Set down each line from the line holding "Taken 3.1 seconds following image 1." to the last line of the entries below, exactly, with both ends included and without pictures.
INFORMATION SUPPLIED START
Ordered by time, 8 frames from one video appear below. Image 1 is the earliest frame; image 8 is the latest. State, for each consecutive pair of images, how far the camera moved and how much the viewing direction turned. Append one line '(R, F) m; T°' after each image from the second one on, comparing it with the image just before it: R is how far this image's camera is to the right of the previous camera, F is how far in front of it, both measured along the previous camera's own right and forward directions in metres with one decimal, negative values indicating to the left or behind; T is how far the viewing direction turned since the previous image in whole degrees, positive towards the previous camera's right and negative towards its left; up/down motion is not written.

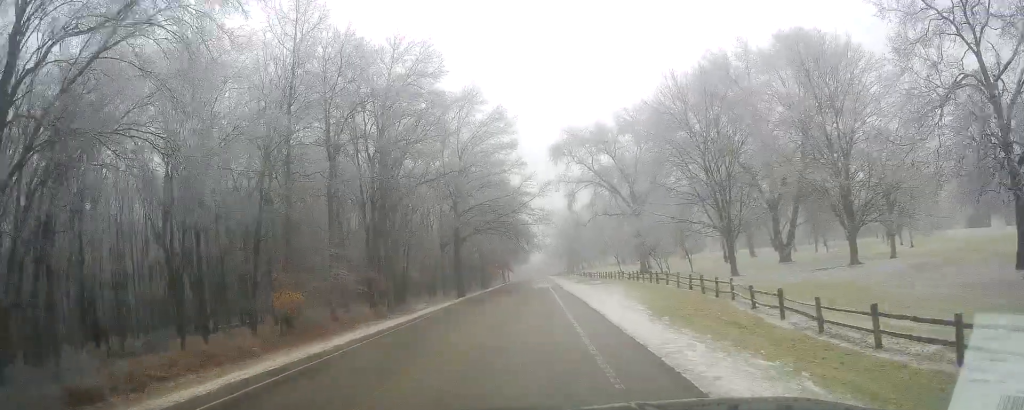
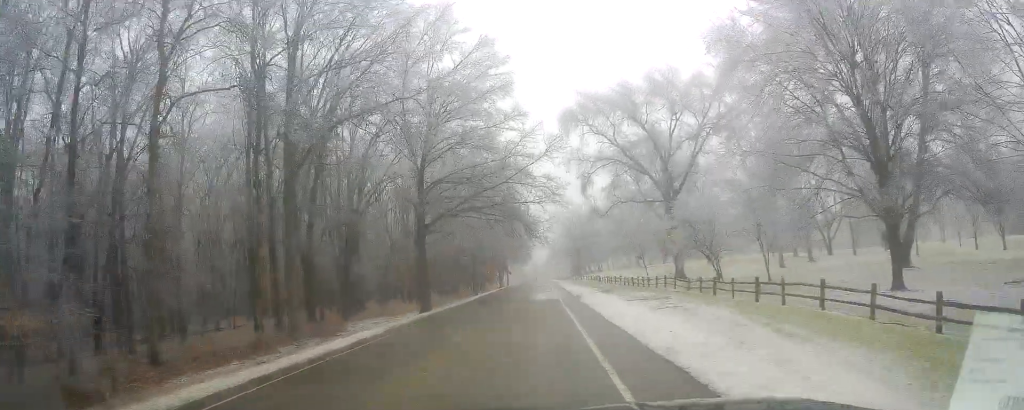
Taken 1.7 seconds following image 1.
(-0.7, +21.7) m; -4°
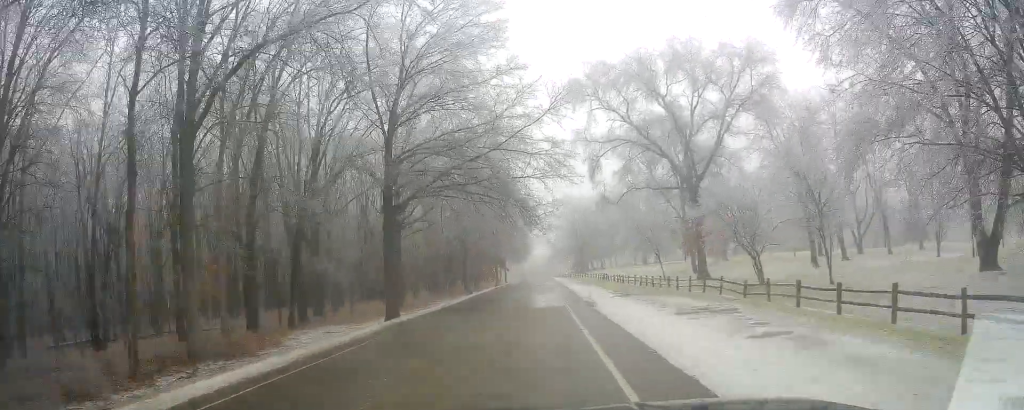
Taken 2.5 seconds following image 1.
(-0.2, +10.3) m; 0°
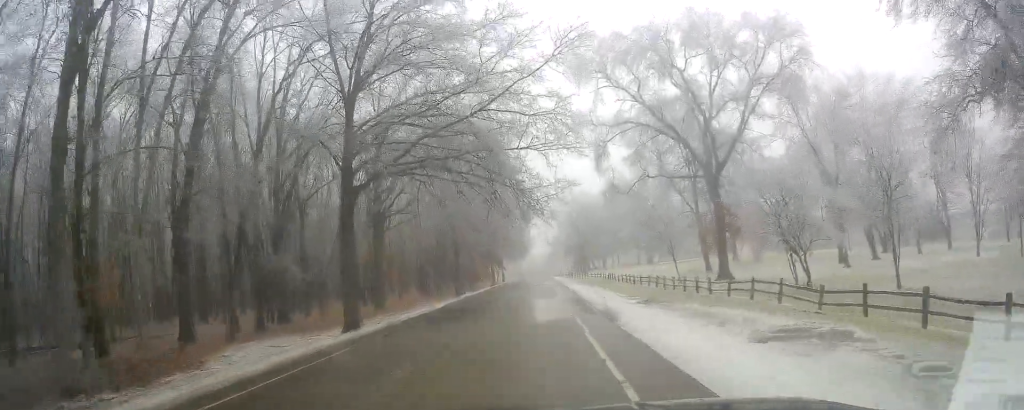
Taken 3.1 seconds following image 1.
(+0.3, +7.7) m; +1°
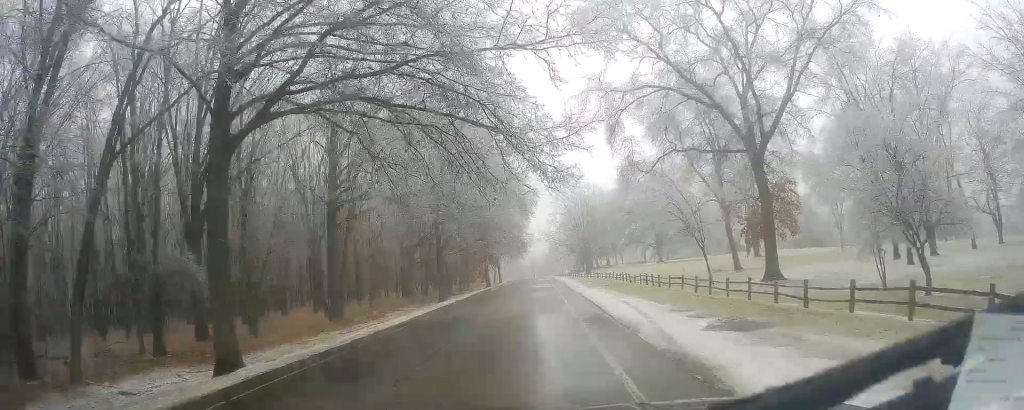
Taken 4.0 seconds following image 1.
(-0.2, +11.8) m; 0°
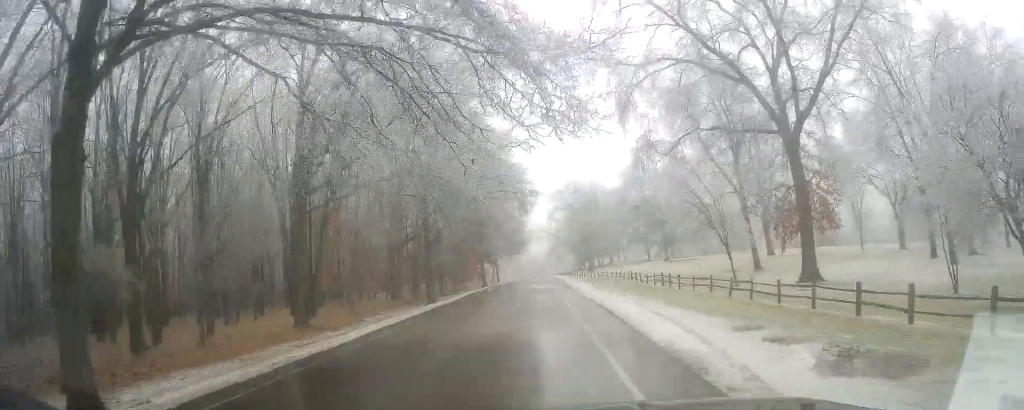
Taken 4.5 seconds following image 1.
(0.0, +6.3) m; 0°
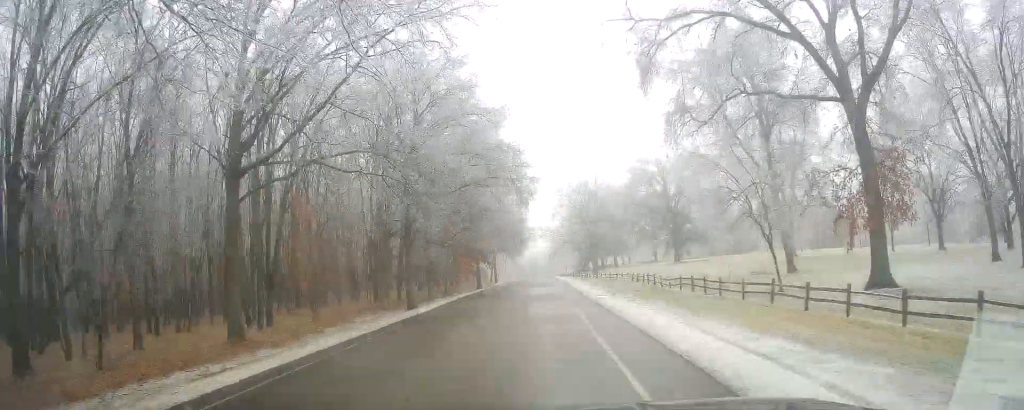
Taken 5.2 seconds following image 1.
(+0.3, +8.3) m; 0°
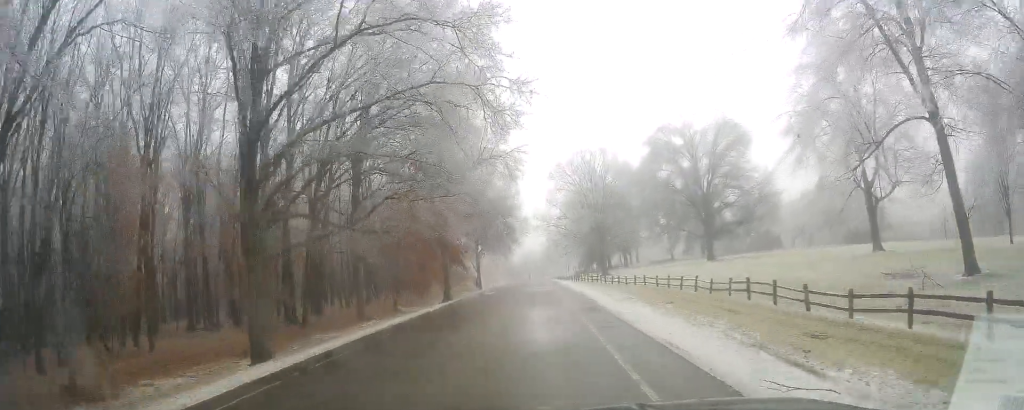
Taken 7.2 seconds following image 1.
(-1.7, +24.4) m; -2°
INFORMATION SUPPLIED END
• [SOLUTION BELOW]
Taken 3.1 seconds following image 1.
(+0.3, +7.7) m; +1°
Taken 4.0 seconds following image 1.
(-0.2, +11.8) m; 0°
Taken 4.5 seconds following image 1.
(0.0, +6.3) m; 0°
Taken 5.2 seconds following image 1.
(+0.3, +8.3) m; 0°
Taken 7.2 seconds following image 1.
(-1.7, +24.4) m; -2°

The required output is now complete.